I added a new language construct called “extend-grammar”, ie:

extend-grammar ometa testg {
test-rule = "test" ws+ cname:a -> << 42 >>

This test-rule will match the string “test”, followed by a name. The rule will ignore its input and return the value 42.

This grammar is processed during parse time, converted to church code and dynamically compiled and linked into the running process.

At present this happens after the whole file is parsed, so it’s currently not possible to add a new grammar rule and use it in the same source file.

To activate the rule I added another construct, “eval-when”, ie:

eval-when compile load
      church-add-parser-extension 'test-rule     

What this does is to execute this code when this file is compiled (load doesn’t work yet).

In this example we add ‘test-rule to the list of ometa functions to be called by a special new grammar rule called ‘user-form.

The new version of ‘user-form is compiled and linked into the process, immediately making it available to the parser.

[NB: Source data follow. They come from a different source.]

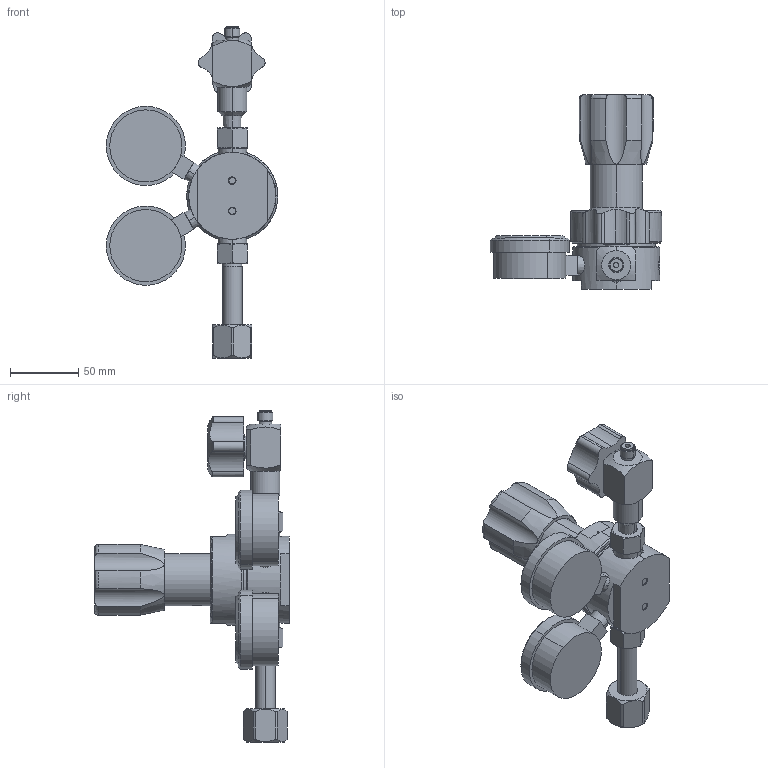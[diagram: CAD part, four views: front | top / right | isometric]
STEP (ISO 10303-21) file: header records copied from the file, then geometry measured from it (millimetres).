
FILE_DESCRIPTION((''),'2;1');
FILE_NAME('M3633A-330_ASM','2019-03-04T',('dlachman'),('MATHESON TRI-GAS'),'CREO PARAMETRIC BY PTC INC, 2018220','CREO PARAMETRIC BY PTC INC, 2018220','');
FILE_SCHEMA(('CONFIG_CONTROL_DESIGN'));
Length unit declared in the file: inch
Products named in the file (9): MREG-5604-SA; MBUS-0237-SA; MCNN-0248-SA; MGAG-0605-SA; MGAG-0094-SA; MVLV-0829-SA_1; MVLV-0829-SA_2; MVLV-0829-SA_ASM; M3633A-330_ASM
Assembly tree (9 placements, depth 3):
  M3633A-330_ASM
    MREG-5604-SA
    MBUS-0237-SA  x2
    MCNN-0248-SA
    MGAG-0605-SA
    MGAG-0094-SA
    MVLV-0829-SA_ASM
      MVLV-0829-SA_1
      MVLV-0829-SA_2
Bounding box: 125.36 x 142.24 x 242.59 mm (x, y, z)
Volume: 488630.2 mm3; surface area: 119754.9 mm2
Topology: 10 solids, 11 shells, 433 faces, 1007 edges, 636 vertices
Faces by surface type: plane 150, cone 138, cylinder 117, torus 22, extrusion 4, bspline 2
Entity records: 13463 total; most frequent: CARTESIAN_POINT 4135, DIRECTION 1983, ORIENTED_EDGE 1850, EDGE_CURVE 925, AXIS2_PLACEMENT_3D 803, VERTEX_POINT 588, EDGE_LOOP 441, CIRCLE 396
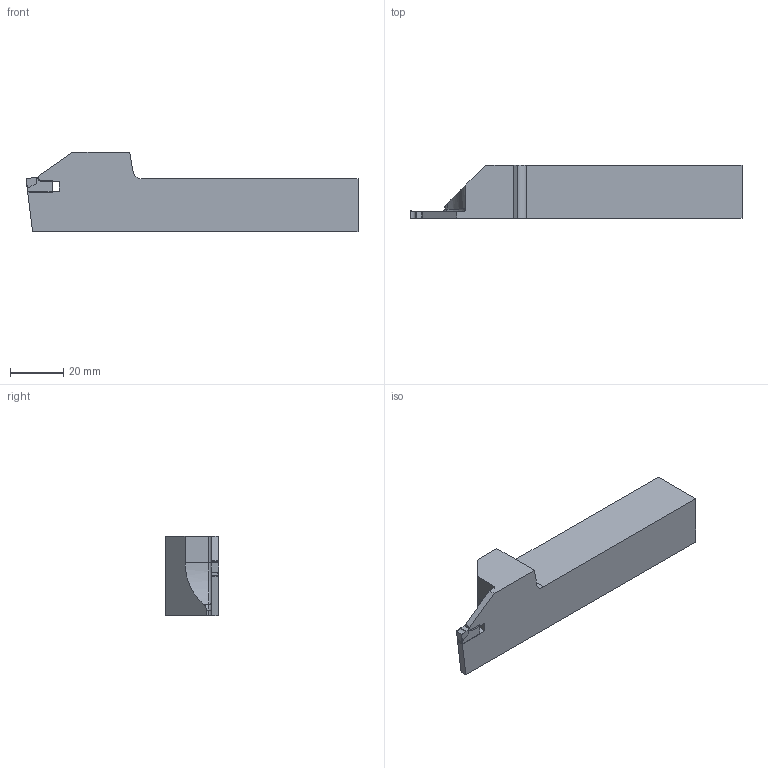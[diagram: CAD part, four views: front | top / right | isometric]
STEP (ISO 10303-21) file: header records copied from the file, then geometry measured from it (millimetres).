
FILE_DESCRIPTION(/* description */ (''),/* implementation_level */ '2;1');
FILE_NAME(/* name */ 'ADKT-151.22-R-2020-3-T20.stp',/* time_stamp */ '2023-10-30T16:12:04+03:00',/* author */ (''),/* organization */ (''),/* preprocessor_version */ 'ST-DEVELOPER v19.4',/* originating_system */ 'SIEMENS PLM Software NX2306.3001',/* authorisation */ '');
FILE_SCHEMA (('AUTOMOTIVE_DESIGN { 1 0 10303 214 3 1 1 1 }'));
Length unit declared in the file: millimetre
Products named in the file (1): ADKT-151.22-R-2020-3-T20-light
Bounding box: 125 x 20.25 x 30 mm (x, y, z)
Volume: 46292 mm3; surface area: 10863.7 mm2
Topology: 2 solids, 2 shells, 47 faces, 126 edges, 83 vertices
Faces by surface type: plane 32, cylinder 13, torus 2
Entity records: 1682 total; most frequent: CARTESIAN_POINT 299, ORIENTED_EDGE 252, DIRECTION 247, EDGE_CURVE 126, LINE 93, VECTOR 93, VERTEX_POINT 83, AXIS2_PLACEMENT_3D 77
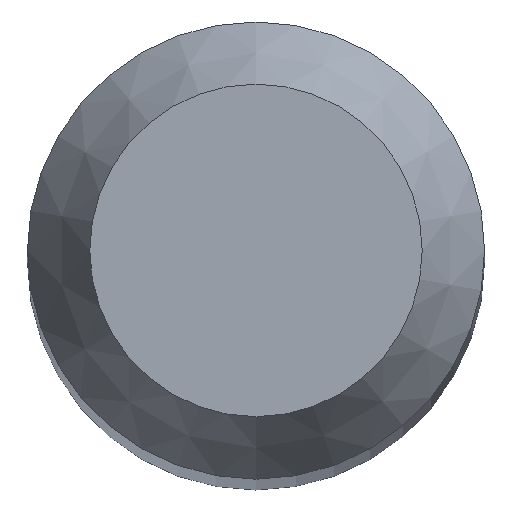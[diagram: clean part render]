
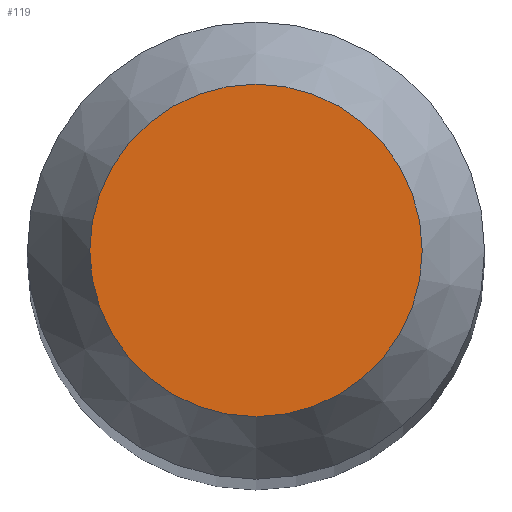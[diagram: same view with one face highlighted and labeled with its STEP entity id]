
A CAD part, top view. The second image highlights one B-rep face of the part: STEP entity #119.
In plain terms, the highlighted planar face has unit normal (0, 0, 1).
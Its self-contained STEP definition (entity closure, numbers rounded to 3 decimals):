
#119=ADVANCED_FACE('',(#133),#128,.T.);
#128=PLANE('',#254);
#133=FACE_OUTER_BOUND('',#154,.T.);
#154=EDGE_LOOP('',(#182));
#182=ORIENTED_EDGE('',*,*,#216,.T.);
#201=VERTEX_POINT('',#377);
#216=EDGE_CURVE('',#201,#201,#230,.T.);
#230=CIRCLE('',#253,2.908);
#253=AXIS2_PLACEMENT_3D('',#376,#305,#306);
#254=AXIS2_PLACEMENT_3D('',#378,#307,#308);
#305=DIRECTION('',(0.,0.,1.));
#306=DIRECTION('',(0.,1.,0.));
#307=DIRECTION('',(0.,0.,1.));
#308=DIRECTION('',(0.,1.,0.));
#376=CARTESIAN_POINT('',(0.,0.,36.));
#377=CARTESIAN_POINT('',(0.,2.908,36.));
#378=CARTESIAN_POINT('',(0.,0.,36.));

For this test case I then load the following file:

        print "in dotest"
        print (test notanumber)

which prints 42 because the parser has intercepted what would normally be a method call.

Rude repl

I have added eval and a repl (read eval print loop) to Church.

> + 3 4
> length "foobar"
> eval "* 19 3"
> load "church/test/hello.church"
> (main)

Up to now I have only been using Church as a command-line compiler which produces executable files. Yet I have always preferred interactive language environments (lisp, smalltalk, python etc) to stop-compile-run languages.

All the machinery for writing a repl has been in Church for a while, including

  • Church parser available as a library
  • Church compiler available at runtime
  • Machine code generator and dynamic linker available at runtime
  • The ability to modify the dispatch table at runtime

This makes the repl easy to implement:

                        rstr = (read-line)
                        if (null? rstr)
                                return-from repl nil
                                print (eval rstr)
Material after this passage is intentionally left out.